**RECORDS PROVIDED:**
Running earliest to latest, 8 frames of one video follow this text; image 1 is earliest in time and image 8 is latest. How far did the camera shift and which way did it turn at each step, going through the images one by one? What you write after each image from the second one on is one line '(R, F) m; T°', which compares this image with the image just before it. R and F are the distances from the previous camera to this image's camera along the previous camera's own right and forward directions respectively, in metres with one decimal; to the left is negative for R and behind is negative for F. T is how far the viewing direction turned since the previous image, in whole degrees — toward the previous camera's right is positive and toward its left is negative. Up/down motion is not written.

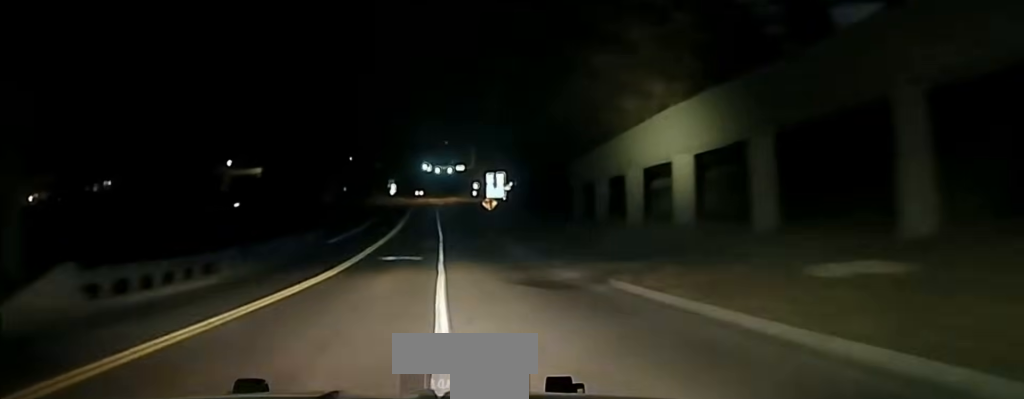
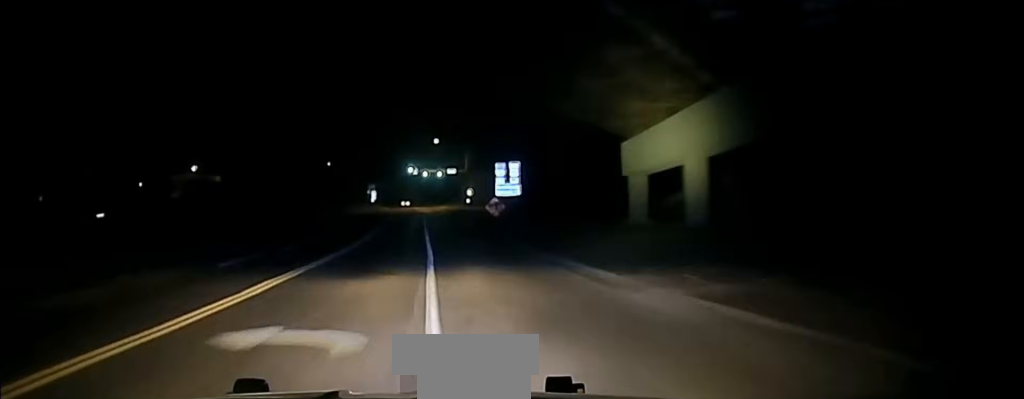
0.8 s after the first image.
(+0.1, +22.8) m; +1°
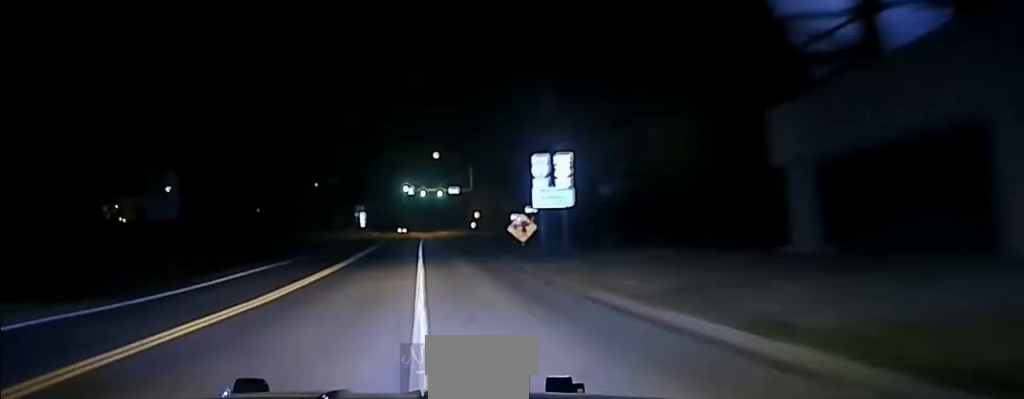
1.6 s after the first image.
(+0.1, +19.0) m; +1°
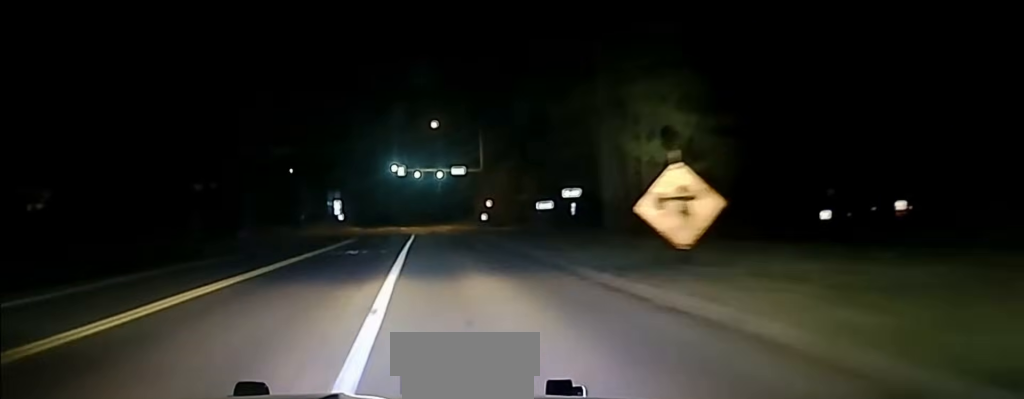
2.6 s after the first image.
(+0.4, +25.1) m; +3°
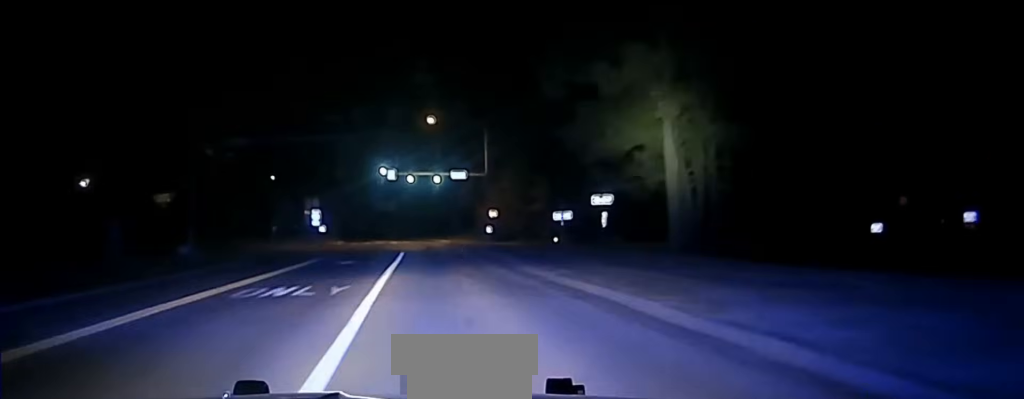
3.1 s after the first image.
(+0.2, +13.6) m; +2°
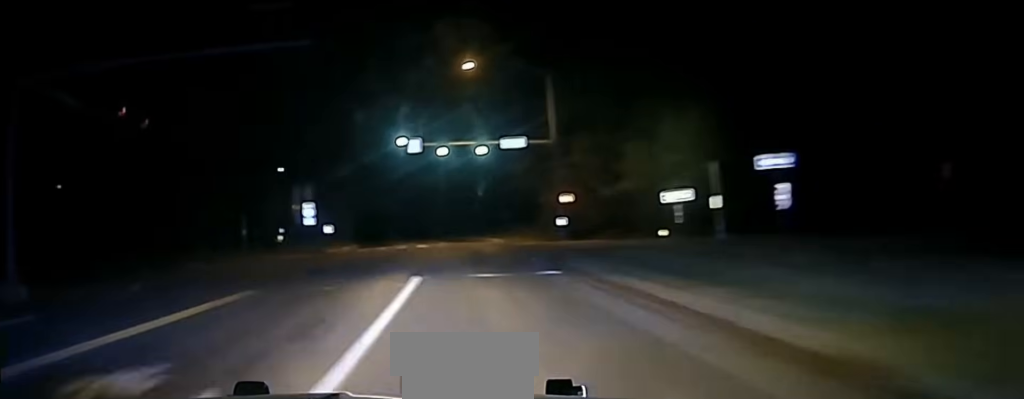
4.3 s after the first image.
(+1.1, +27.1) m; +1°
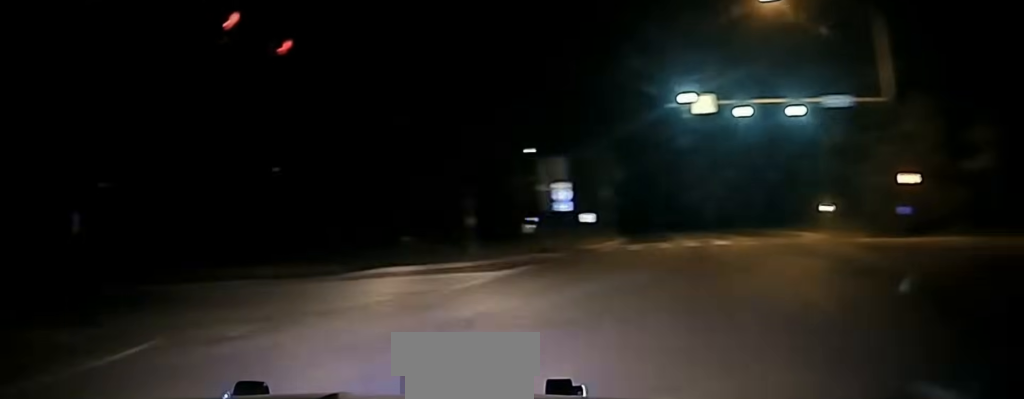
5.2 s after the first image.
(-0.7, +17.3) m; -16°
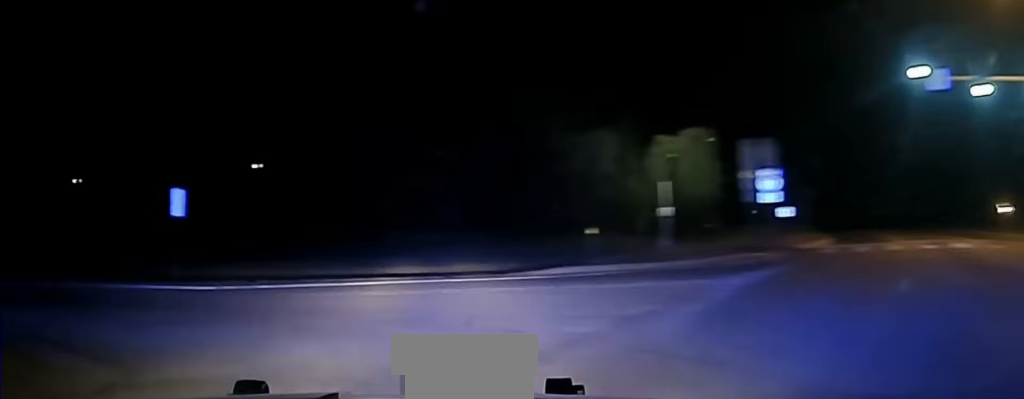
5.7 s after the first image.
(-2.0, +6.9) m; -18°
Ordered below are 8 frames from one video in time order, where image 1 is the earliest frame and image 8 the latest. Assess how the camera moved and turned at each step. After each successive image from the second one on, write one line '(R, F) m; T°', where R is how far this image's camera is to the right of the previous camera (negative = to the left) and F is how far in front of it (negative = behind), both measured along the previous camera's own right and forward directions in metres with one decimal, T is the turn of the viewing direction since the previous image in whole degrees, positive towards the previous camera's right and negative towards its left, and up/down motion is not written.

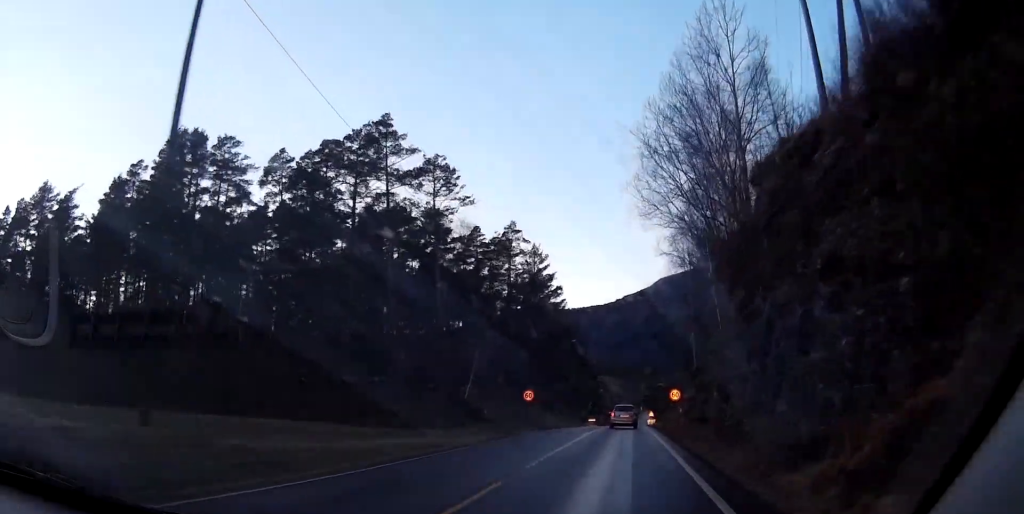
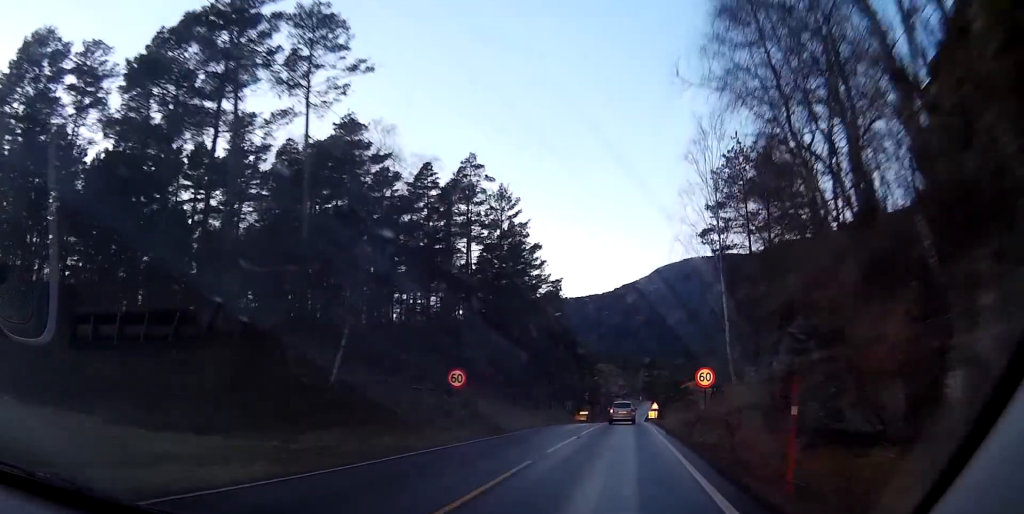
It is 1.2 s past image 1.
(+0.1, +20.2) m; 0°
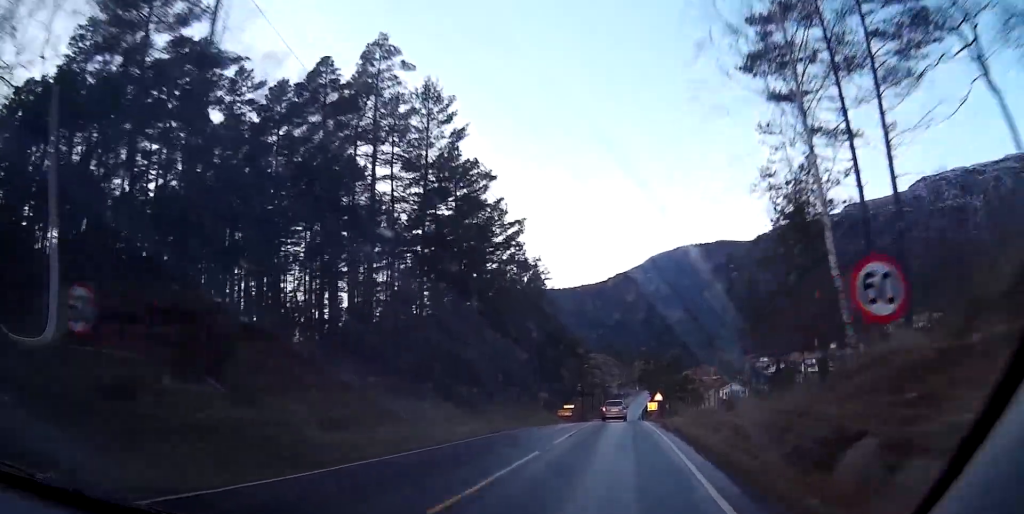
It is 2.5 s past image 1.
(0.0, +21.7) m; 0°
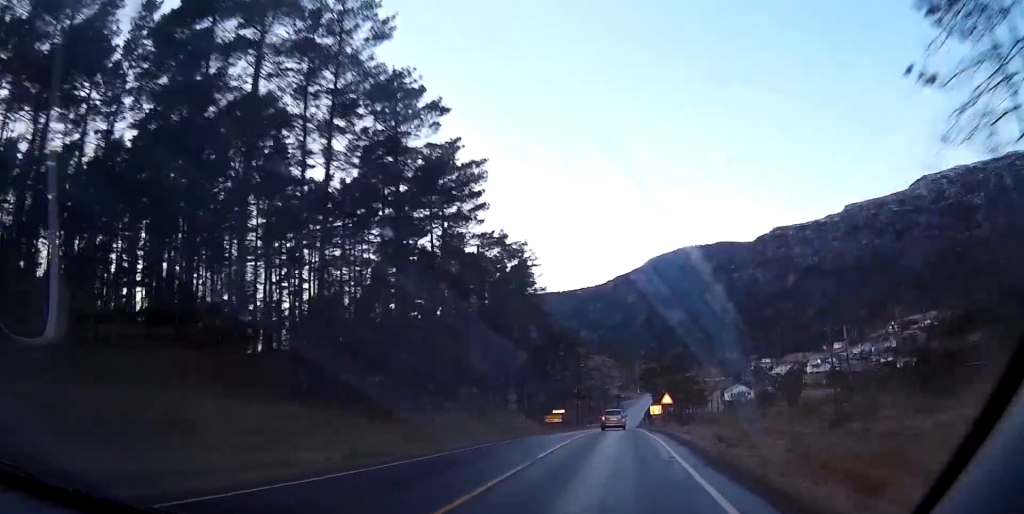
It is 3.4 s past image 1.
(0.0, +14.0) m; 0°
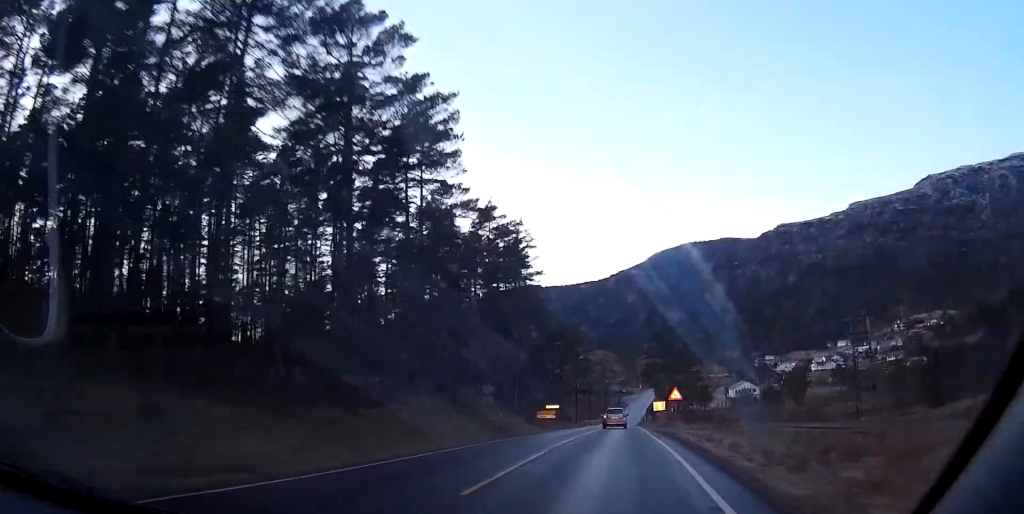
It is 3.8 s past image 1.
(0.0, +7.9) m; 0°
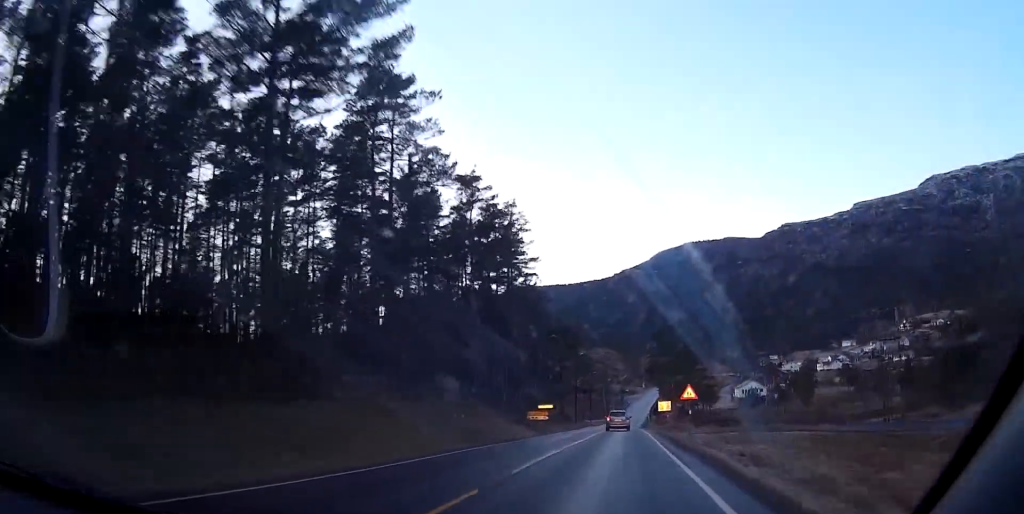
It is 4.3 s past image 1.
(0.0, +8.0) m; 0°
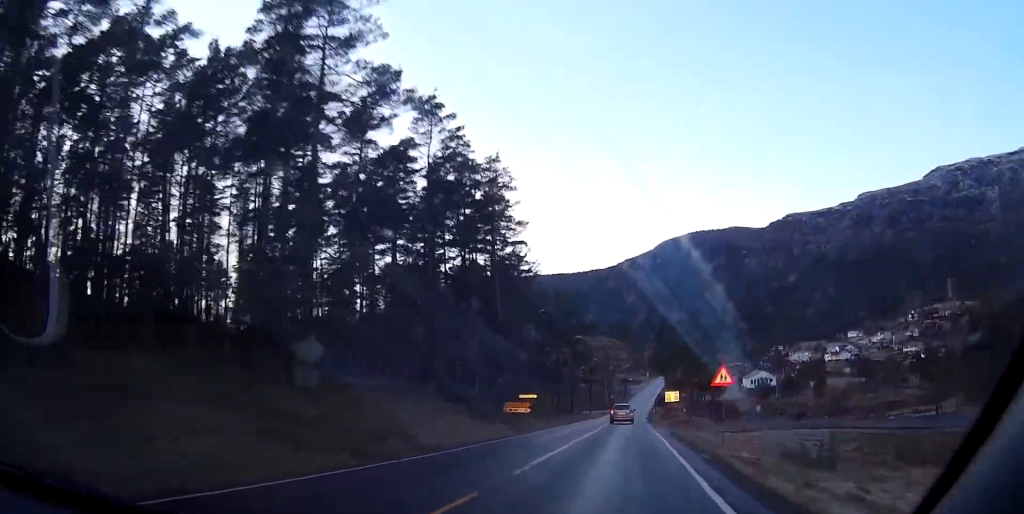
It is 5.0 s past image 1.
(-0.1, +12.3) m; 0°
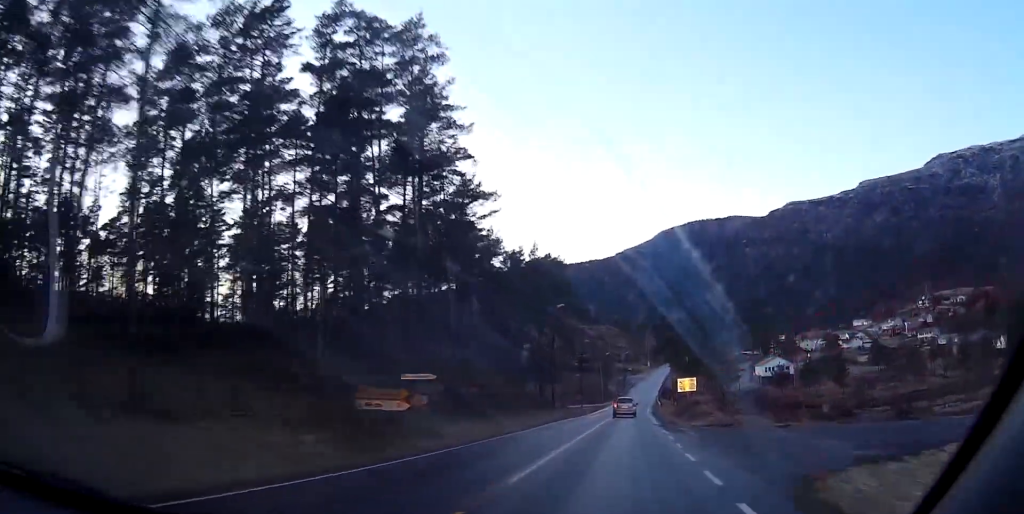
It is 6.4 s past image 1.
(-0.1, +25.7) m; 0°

**TASK BRIEF:** Copy word for word every line from the one holding "It is 2.5 s past image 1." to the end of the listing, both ends included, but do not copy any pictures.

**RESULT:**
It is 2.5 s past image 1.
(0.0, +21.7) m; 0°
It is 3.4 s past image 1.
(0.0, +14.0) m; 0°
It is 3.8 s past image 1.
(0.0, +7.9) m; 0°
It is 4.3 s past image 1.
(0.0, +8.0) m; 0°
It is 5.0 s past image 1.
(-0.1, +12.3) m; 0°
It is 6.4 s past image 1.
(-0.1, +25.7) m; 0°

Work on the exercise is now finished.